Davis Davis dismisses new tax on immigrants as "gimmick"
Themes of David Davis MP's response to yesterday's statement by Jacqui Smith on 'Earned Citizenship':
Citizenship requirements have been too lax: "The Home Secretary now says that she wants to restrict citizenship to those who have earned it. But it was her Government who relaxed the requirements in the first place, when, in 2004, they removed the requirement to provide a passport to support the application. They dropped the standards so far that they awarded citizenship to Muktar Ibrahim after he had spent three years in prison for violent crime, and had been arrested for disseminating extremist literature. He then used his British passport to travel to Pakistan to train as a would-be suicide bomber. At least, I suppose, these new rules—limited and late as they are—would have presumably denied him citizenship. But can the Home Secretary explain how her new system would have stopped Abu Hamza gaining citizenship? He became a citizen through his British wife. Under the new system he might have to wait two years before he became a probationary citizen, then another year if he could demonstrate “active citizenship”. The proposed system would not have stopped him gaining that citizenship."
Tax on new arrivals is a gimmick: "Much of what the Home Secretary has said is an attempt to talk tough without taking effective measures, but she has at least finally admitted, for the first time, that public services are affected by large-scale immigration. It is the Government’s first admission of that. She proposes a Government-run fund, paid for by another tax on new arrivals. But let us consider the numbers. It is reported in the Green Paper that the fund will raise tens of millions of pounds. The original Green Paper—last Friday’s version—referred to £15 million. Will she clarify how many tens of millions will be raised? In any case, the amount will not even be enough to pay the policing costs of immigration, an issue raised by the chief constable of Cambridgeshire only a few months ago. It is barely one tenth of the cost to the national health service of immigration, little more than one twentieth of the costs to local government of immigration and it barely scratches the surface of the full public services cost of immigration. It is, in short, a gimmick."
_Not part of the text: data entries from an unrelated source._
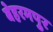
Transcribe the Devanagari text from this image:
बेहरमपुर
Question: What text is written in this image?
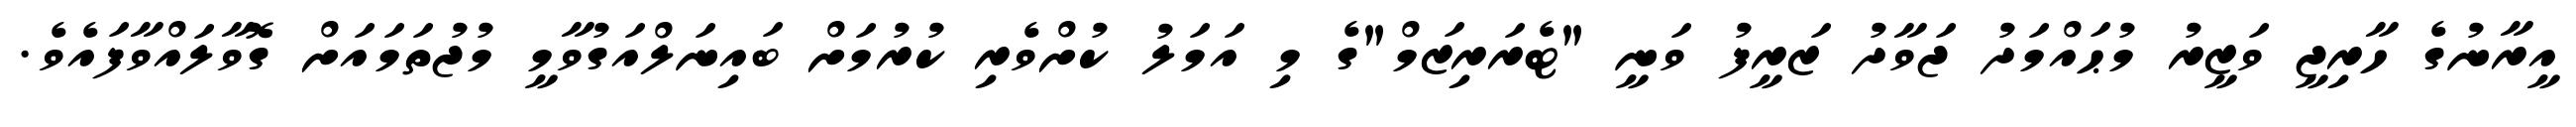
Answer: އީރާނުގެ ހާރިޖީ ވަޒީރު މުޙައްމަދު ޖަވާދު ޒަރީފު ވަނީ "ޓެރަރިޒަމް"ގެ މި އަމަލު ކުށްވެރި ކުރުމަށް ބައިނަލްއަގުވާމީ މުޖުތަމައަށް ގޮވާލައްވާފައެވެ.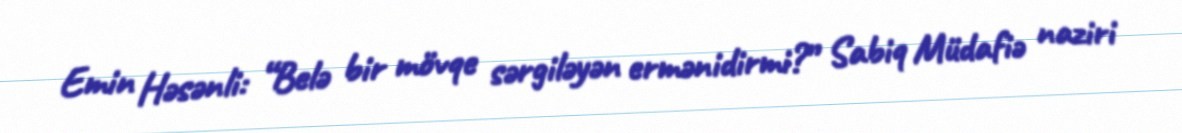
Emin Həsənli: “Belə bir mövqe sərgiləyən ermənidirmi?” Sabiq Müdafiə naziri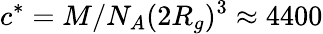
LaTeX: c^{*}=M/N_{A}(2R_{g})^{3}\approx 4400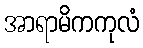
အာရာမိကကုလံ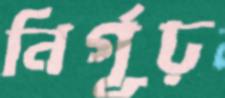
নির্গূঢ়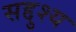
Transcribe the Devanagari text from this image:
सद्दुश्य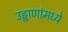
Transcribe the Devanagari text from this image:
उड्डाणांमध्ये

Britain needs controlled immigration, not new bureaucracy: "The sensible approach is simple: we should deal with the original cause of the problem, put a limit on immigration and bring it down to much more manageable levels. That is simpler, cheaper and better for Britain, and will preserve Britain’s excellent history of good community relations, which is being put at risk by an incompetent and irresponsible immigration policy."